(Dataset excerpts)

========================================================================

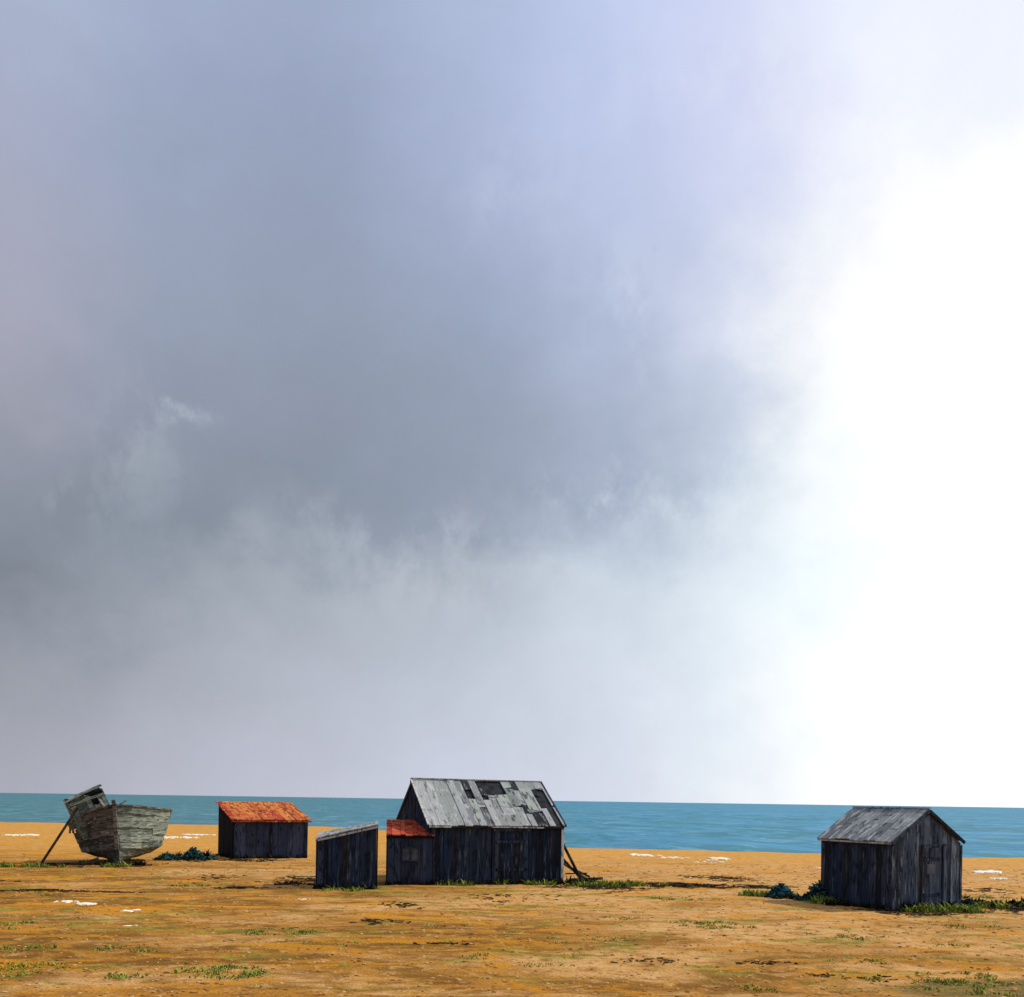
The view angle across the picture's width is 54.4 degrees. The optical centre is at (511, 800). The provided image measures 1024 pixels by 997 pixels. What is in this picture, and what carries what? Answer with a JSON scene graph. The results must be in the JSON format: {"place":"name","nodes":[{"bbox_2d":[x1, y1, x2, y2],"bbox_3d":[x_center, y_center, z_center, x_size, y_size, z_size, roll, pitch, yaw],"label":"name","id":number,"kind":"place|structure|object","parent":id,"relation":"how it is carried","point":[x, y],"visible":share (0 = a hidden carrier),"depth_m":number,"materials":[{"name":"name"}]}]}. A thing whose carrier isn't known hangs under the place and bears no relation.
{"place":"outdoors","nodes":[
{"label":"outdoors","id":0,"kind":"place"},
{"bbox_2d":[0,822,1023,996],"bbox_3d":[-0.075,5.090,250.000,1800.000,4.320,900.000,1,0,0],"label":"beach ground","id":1,"kind":"structure","parent":0,"point":[651,941],"depth_m":22.50,"materials":[{"name":"brown sand"}]},
{"bbox_2d":[37,807,98,864],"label":"boat prop timber","id":2,"kind":"object","parent":1,"relation":"on","point":[59,836],"visible":0.83,"depth_m":41.81,"materials":[{"name":"brown wood"}]},
{"bbox_2d":[63,784,172,862],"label":"derelict fishing boat","id":3,"kind":"object","parent":1,"relation":"on","point":[102,827],"visible":0.98,"depth_m":42.96,"materials":[{"name":"grey wood"}]},
{"bbox_2d":[152,851,176,860],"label":"sea kale plant","id":4,"kind":"object","parent":1,"relation":"on","point":[166,855],"visible":1,"depth_m":45.81,"materials":[{"name":"green plant"}]},
{"bbox_2d":[167,847,217,860],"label":"sea kale plant","id":5,"kind":"object","parent":1,"relation":"on","point":[195,855],"visible":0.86,"depth_m":46.33,"materials":[{"name":"green plant"}]},
{"bbox_2d":[215,801,311,857],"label":"rust roofed shed","id":6,"kind":"structure","parent":1,"relation":"on","point":[263,829],"depth_m":48.61,"materials":[{"name":"black wood"}]},
{"bbox_2d":[315,821,378,888],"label":"tarred shed","id":7,"kind":"structure","parent":1,"relation":"on","point":[345,856],"depth_m":32.86,"materials":[{"name":"black wood"}]},
{"bbox_2d":[386,819,434,884],"bbox_3d":[-3.678,1.931,35.750,1.680,2.431,2.295,1,0,-7],"label":"red roofed lean to","id":8,"kind":"object","parent":1,"relation":"on","point":[409,842],"visible":0.66,"depth_m":34.73,"materials":[{"name":"wood"}]},
{"bbox_2d":[401,847,419,860],"bbox_3d":[-3.523,1.874,34.658,0.650,0.500,0.060,1,0,-7],"label":"window","id":9,"kind":"structure","parent":8,"relation":"in","point":[407,853],"depth_m":34.66,"materials":[{"name":"grey glass"}]},
{"bbox_2d":[396,778,602,883],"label":"tarred shed","id":10,"kind":"structure","parent":1,"relation":"on","point":[486,830],"depth_m":36.10,"materials":[{"name":"black wood"}]},
{"bbox_2d":[492,829,530,883],"bbox_3d":[-0.016,2.032,35.830,1.460,1.975,0.105,1,0,-20],"label":"double door","id":11,"kind":"structure","parent":10,"relation":"in","point":[510,852],"depth_m":35.81,"materials":[{"name":"black wood"}]},
{"bbox_2d":[3,834,1007,925],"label":"chalk stones","id":12,"kind":"object","parent":1,"relation":"on","point":[633,854],"visible":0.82,"depth_m":53.20,"materials":[{"name":"white stone"}]},
{"bbox_2d":[0,855,1023,996],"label":"shingle","id":13,"kind":"object","parent":1,"relation":"on","point":[563,981],"visible":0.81,"depth_m":20.82,"materials":[{"name":"gravel"}]},
{"bbox_2d":[0,861,1023,996],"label":"grass","id":14,"kind":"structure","parent":1,"relation":"on","point":[965,908],"depth_m":22.64,"materials":[{"name":"green plant"}]},
{"bbox_2d":[0,858,1023,981],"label":"seaweed","id":15,"kind":"object","parent":1,"relation":"on","point":[615,888],"visible":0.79,"depth_m":32.44,"materials":[{"name":"green plant"}]},
{"bbox_2d":[25,882,1023,908],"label":"driftwood","id":16,"kind":"object","parent":1,"relation":"on","point":[300,883],"visible":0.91,"depth_m":32.39,"materials":[{"name":"brown wood"}]},
{"bbox_2d":[78,848,1023,910],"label":"dark scrub","id":17,"kind":"object","parent":1,"relation":"on","point":[1013,901],"visible":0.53,"depth_m":34.63,"materials":[{"name":"green plant"}]},
{"bbox_2d":[764,883,795,898],"bbox_3d":[8.566,2.890,31.897,1.120,0.487,0.849,1,0,0],"label":"sea kale plant","id":18,"kind":"object","parent":1,"relation":"on","point":[781,889],"visible":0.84,"depth_m":31.75,"materials":[{"name":"green plant"}]},
{"bbox_2d":[793,880,826,901],"bbox_3d":[9.504,2.812,30.998,1.454,0.660,0.986,1,0,0],"label":"sea kale plant","id":19,"kind":"object","parent":1,"relation":"on","point":[817,889],"visible":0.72,"depth_m":30.83,"materials":[{"name":"green plant"}]},
{"bbox_2d":[817,806,965,910],"bbox_3d":[11.555,1.785,30.415,3.184,3.170,2.955,1,0,-28],"label":"gabled beach hut","id":20,"kind":"object","parent":1,"relation":"on","point":[893,857],"visible":0.77,"depth_m":29.41,"materials":[{"name":"black wood"}]},
{"bbox_2d":[920,844,945,906],"bbox_3d":[12.331,2.309,29.225,1.000,2.045,0.116,1,0,-28],"label":"door","id":21,"kind":"structure","parent":20,"relation":"in","point":[931,860],"depth_m":29.24,"materials":[{"name":"grey wood"}]},
{"bbox_2d":[957,895,978,910],"bbox_3d":[13.287,3.007,29.105,0.614,0.469,0.639,1,0,-41],"label":"sea kale plant","id":22,"kind":"object","parent":1,"relation":"on","point":[965,901],"visible":0.51,"depth_m":29.05,"materials":[{"name":"green plant"}]},
{"bbox_2d":[0,793,1023,857],"bbox_3d":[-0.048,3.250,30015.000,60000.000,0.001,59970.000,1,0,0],"label":"sea","id":23,"kind":"structure","parent":0,"point":[995,832],"depth_m":178.70,"materials":[{"name":"liquid"}]},
{"bbox_2d":[0,0,1023,807],"label":"sky","id":24,"kind":"structure","parent":0,"point":[588,400],"materials":[{"name":"grey"}]}
]}

========================================================================

■ What to do ■
Pictures stay out; the entries above are to be output exactly as given.

■ Solution to the problem ■
The view angle across the picture's width is 54.4 degrees. The optical centre is at (511, 800). The provided image measures 1024 pixels by 997 pixels. What is in this picture, and what carries what? Answer with a JSON scene graph. The results must be in the JSON format: {"place":"name","nodes":[{"bbox_2d":[x1, y1, x2, y2],"bbox_3d":[x_center, y_center, z_center, x_size, y_size, z_size, roll, pitch, yaw],"label":"name","id":number,"kind":"place|structure|object","parent":id,"relation":"how it is carried","point":[x, y],"visible":share (0 = a hidden carrier),"depth_m":number,"materials":[{"name":"name"}]}]}. A thing whose carrier isn't known hangs under the place and bears no relation.
{"place":"outdoors","nodes":[
{"label":"outdoors","id":0,"kind":"place"},
{"bbox_2d":[0,822,1023,996],"bbox_3d":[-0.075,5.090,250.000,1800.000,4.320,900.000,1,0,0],"label":"beach ground","id":1,"kind":"structure","parent":0,"point":[651,941],"depth_m":22.50,"materials":[{"name":"brown sand"}]},
{"bbox_2d":[37,807,98,864],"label":"boat prop timber","id":2,"kind":"object","parent":1,"relation":"on","point":[59,836],"visible":0.83,"depth_m":41.81,"materials":[{"name":"brown wood"}]},
{"bbox_2d":[63,784,172,862],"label":"derelict fishing boat","id":3,"kind":"object","parent":1,"relation":"on","point":[102,827],"visible":0.98,"depth_m":42.96,"materials":[{"name":"grey wood"}]},
{"bbox_2d":[152,851,176,860],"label":"sea kale plant","id":4,"kind":"object","parent":1,"relation":"on","point":[166,855],"visible":1,"depth_m":45.81,"materials":[{"name":"green plant"}]},
{"bbox_2d":[167,847,217,860],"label":"sea kale plant","id":5,"kind":"object","parent":1,"relation":"on","point":[195,855],"visible":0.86,"depth_m":46.33,"materials":[{"name":"green plant"}]},
{"bbox_2d":[215,801,311,857],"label":"rust roofed shed","id":6,"kind":"structure","parent":1,"relation":"on","point":[263,829],"depth_m":48.61,"materials":[{"name":"black wood"}]},
{"bbox_2d":[315,821,378,888],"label":"tarred shed","id":7,"kind":"structure","parent":1,"relation":"on","point":[345,856],"depth_m":32.86,"materials":[{"name":"black wood"}]},
{"bbox_2d":[386,819,434,884],"bbox_3d":[-3.678,1.931,35.750,1.680,2.431,2.295,1,0,-7],"label":"red roofed lean to","id":8,"kind":"object","parent":1,"relation":"on","point":[409,842],"visible":0.66,"depth_m":34.73,"materials":[{"name":"wood"}]},
{"bbox_2d":[401,847,419,860],"bbox_3d":[-3.523,1.874,34.658,0.650,0.500,0.060,1,0,-7],"label":"window","id":9,"kind":"structure","parent":8,"relation":"in","point":[407,853],"depth_m":34.66,"materials":[{"name":"grey glass"}]},
{"bbox_2d":[396,778,602,883],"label":"tarred shed","id":10,"kind":"structure","parent":1,"relation":"on","point":[486,830],"depth_m":36.10,"materials":[{"name":"black wood"}]},
{"bbox_2d":[492,829,530,883],"bbox_3d":[-0.016,2.032,35.830,1.460,1.975,0.105,1,0,-20],"label":"double door","id":11,"kind":"structure","parent":10,"relation":"in","point":[510,852],"depth_m":35.81,"materials":[{"name":"black wood"}]},
{"bbox_2d":[3,834,1007,925],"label":"chalk stones","id":12,"kind":"object","parent":1,"relation":"on","point":[633,854],"visible":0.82,"depth_m":53.20,"materials":[{"name":"white stone"}]},
{"bbox_2d":[0,855,1023,996],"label":"shingle","id":13,"kind":"object","parent":1,"relation":"on","point":[563,981],"visible":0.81,"depth_m":20.82,"materials":[{"name":"gravel"}]},
{"bbox_2d":[0,861,1023,996],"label":"grass","id":14,"kind":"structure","parent":1,"relation":"on","point":[965,908],"depth_m":22.64,"materials":[{"name":"green plant"}]},
{"bbox_2d":[0,858,1023,981],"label":"seaweed","id":15,"kind":"object","parent":1,"relation":"on","point":[615,888],"visible":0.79,"depth_m":32.44,"materials":[{"name":"green plant"}]},
{"bbox_2d":[25,882,1023,908],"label":"driftwood","id":16,"kind":"object","parent":1,"relation":"on","point":[300,883],"visible":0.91,"depth_m":32.39,"materials":[{"name":"brown wood"}]},
{"bbox_2d":[78,848,1023,910],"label":"dark scrub","id":17,"kind":"object","parent":1,"relation":"on","point":[1013,901],"visible":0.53,"depth_m":34.63,"materials":[{"name":"green plant"}]},
{"bbox_2d":[764,883,795,898],"bbox_3d":[8.566,2.890,31.897,1.120,0.487,0.849,1,0,0],"label":"sea kale plant","id":18,"kind":"object","parent":1,"relation":"on","point":[781,889],"visible":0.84,"depth_m":31.75,"materials":[{"name":"green plant"}]},
{"bbox_2d":[793,880,826,901],"bbox_3d":[9.504,2.812,30.998,1.454,0.660,0.986,1,0,0],"label":"sea kale plant","id":19,"kind":"object","parent":1,"relation":"on","point":[817,889],"visible":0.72,"depth_m":30.83,"materials":[{"name":"green plant"}]},
{"bbox_2d":[817,806,965,910],"bbox_3d":[11.555,1.785,30.415,3.184,3.170,2.955,1,0,-28],"label":"gabled beach hut","id":20,"kind":"object","parent":1,"relation":"on","point":[893,857],"visible":0.77,"depth_m":29.41,"materials":[{"name":"black wood"}]},
{"bbox_2d":[920,844,945,906],"bbox_3d":[12.331,2.309,29.225,1.000,2.045,0.116,1,0,-28],"label":"door","id":21,"kind":"structure","parent":20,"relation":"in","point":[931,860],"depth_m":29.24,"materials":[{"name":"grey wood"}]},
{"bbox_2d":[957,895,978,910],"bbox_3d":[13.287,3.007,29.105,0.614,0.469,0.639,1,0,-41],"label":"sea kale plant","id":22,"kind":"object","parent":1,"relation":"on","point":[965,901],"visible":0.51,"depth_m":29.05,"materials":[{"name":"green plant"}]},
{"bbox_2d":[0,793,1023,857],"bbox_3d":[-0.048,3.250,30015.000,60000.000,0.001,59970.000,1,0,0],"label":"sea","id":23,"kind":"structure","parent":0,"point":[995,832],"depth_m":178.70,"materials":[{"name":"liquid"}]},
{"bbox_2d":[0,0,1023,807],"label":"sky","id":24,"kind":"structure","parent":0,"point":[588,400],"materials":[{"name":"grey"}]}
]}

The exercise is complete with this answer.